[尧儿说,他太饿了,他要先吃饭,还拉着我一起]

徐兰亭大长腿迈着坐进车里,吩咐司机快点开。湛蓝色的屏幕照在眼眶里,他骨节修长的手指按着按键,将字快速打出来。

[已经在回家的路上。]

[是吗???]

[亭,嘿嘿,我已经将尧儿的碗抽走了,他其实没那么饿,是我为了吓你编的…]

[快点回来。]

[你身体不只是你的,还是我的,必须要将桌子上的药全喝进你肚子里,我才放心]

[我等你回来。]

[嗯]

回复完之后,徐兰亭关掉屏幕,将一旁小盒子抽出来。里面有止疼喷雾跟绷带,他面不改色的衬衣掀开,就仿佛很稀松平常。
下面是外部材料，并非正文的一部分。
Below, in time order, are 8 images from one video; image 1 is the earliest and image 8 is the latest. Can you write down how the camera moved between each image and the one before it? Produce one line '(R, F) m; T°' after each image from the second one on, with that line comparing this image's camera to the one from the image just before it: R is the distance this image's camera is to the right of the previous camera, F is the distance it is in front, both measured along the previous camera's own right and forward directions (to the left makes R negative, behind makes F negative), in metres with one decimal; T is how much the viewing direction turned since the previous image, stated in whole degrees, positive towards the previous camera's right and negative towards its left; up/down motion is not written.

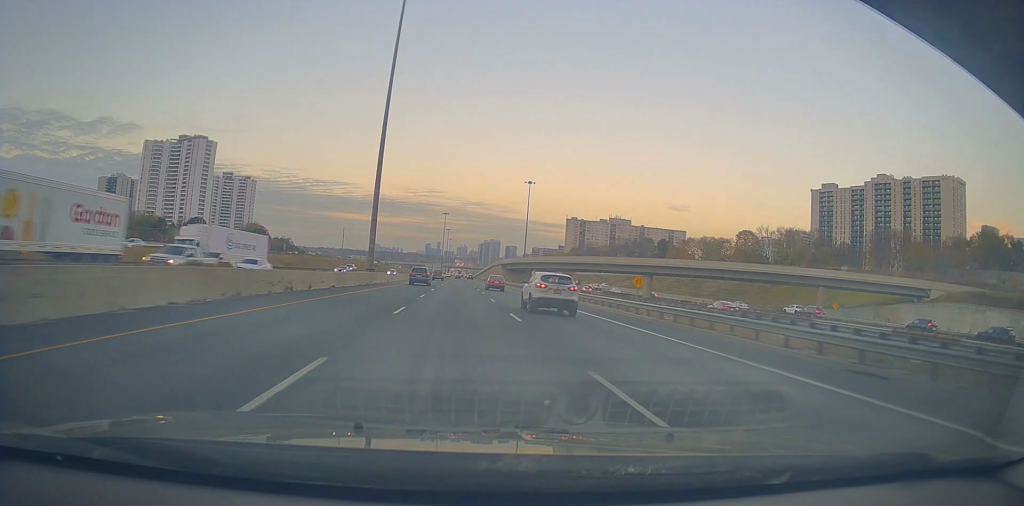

其实之前受过更重的伤,血肉翻滚到脊椎都已经露出,但现在只不过伤手臂,他此刻心里却再也不觉得苦,而是泛着甜意,比不受伤还甜。

“总裁,要不要我帮你?”前面开车的司机听见盒子打开的声响,扭过头问了句。

徐兰亭滚动下喉结,脖劲上的汗珠从衣衫滚到锁骨上,他表情冷淡的将绷带一一撕开,血肉沾上红到发黑的绷带一块被扯下,他干涩的道。

“不,专心开车。”

“是。”司机回复完之后,目视前方,尽责的将车子开成又快又稳的模式。

干净的水沾着湿巾擦掉多余的已经凝结的血浆,他用止疼喷雾潦草喷了几下伤口,就抽出绷带一下一下的缠起来。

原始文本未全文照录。